WORK REQUIRED:
Could you restate the data below word for word, without its pictures?
### AVAILABLE DATA
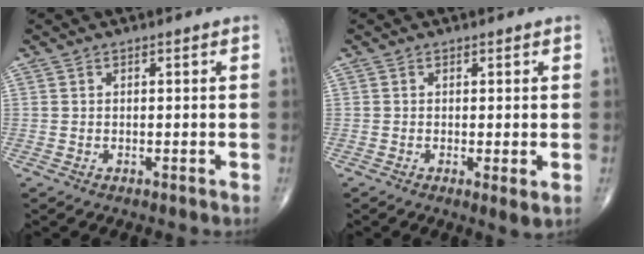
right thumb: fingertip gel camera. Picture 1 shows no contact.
{"total": 2.3, "force": [-0.2, 0.5, 2.3], "torque": [-0.042, -0.011, -0.007]}
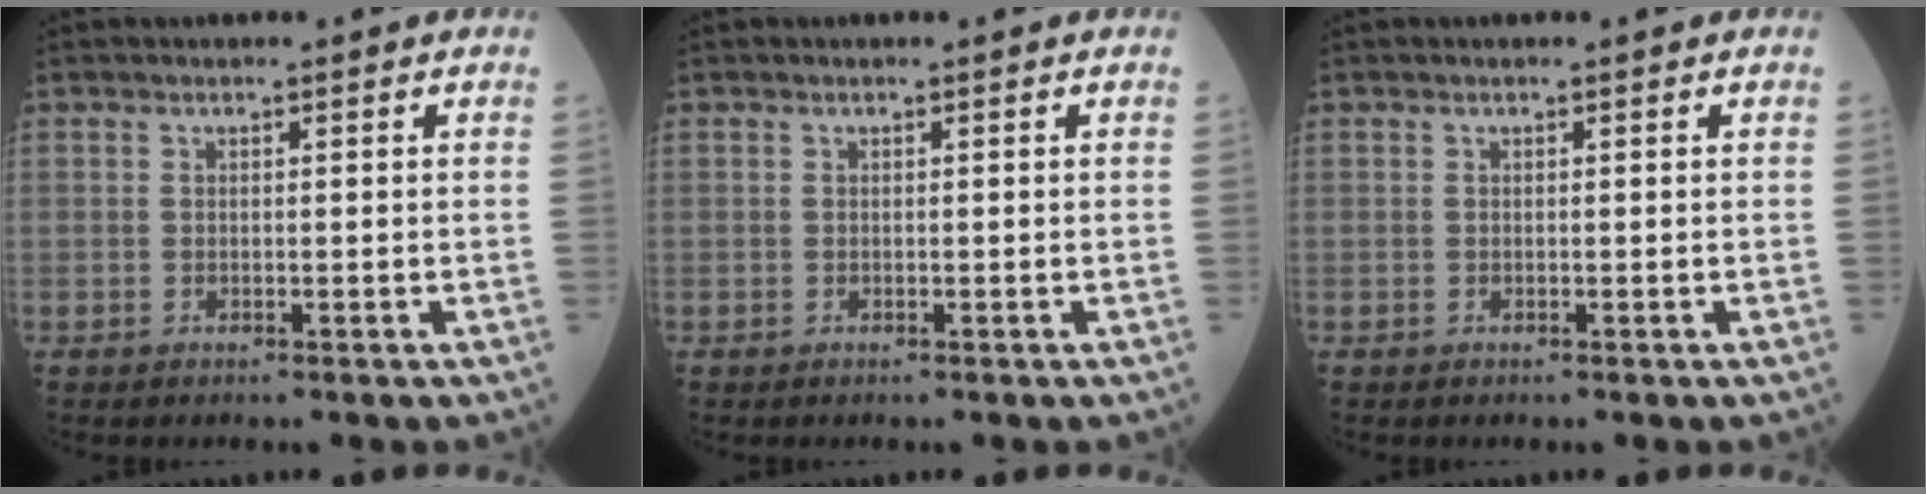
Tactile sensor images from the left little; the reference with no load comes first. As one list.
[{"total": 0.0}, {"total": 0.0}]
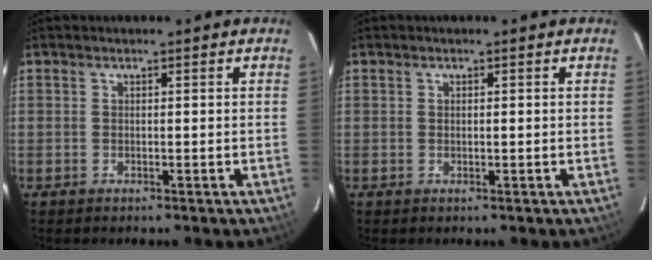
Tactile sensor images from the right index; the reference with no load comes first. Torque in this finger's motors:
{"motor_torque": [-0.38, -0.07, -0.04, -0.01]}
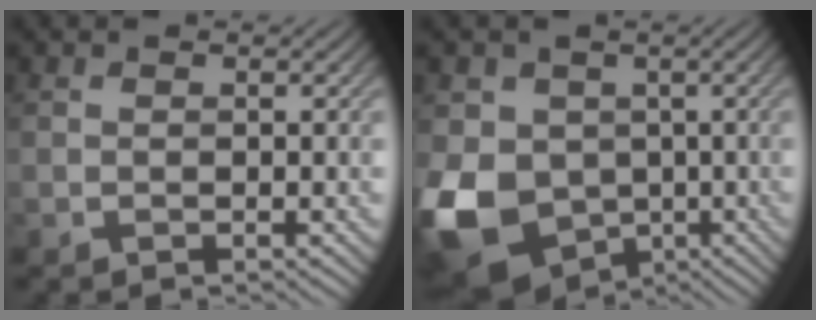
######
WORKED SOLUTION:
right thumb: fingertip gel camera. Picture 1 shows no contact.
{"total": 2.3, "force": [-0.2, 0.5, 2.3], "torque": [-0.042, -0.011, -0.007]}
Tactile sensor images from the left little; the reference with no load comes first. As one list.
[{"total": 0.0}, {"total": 0.0}]
Tactile sensor images from the right index; the reference with no load comes first. Torque in this finger's motors:
{"motor_torque": [-0.38, -0.07, -0.04, -0.01]}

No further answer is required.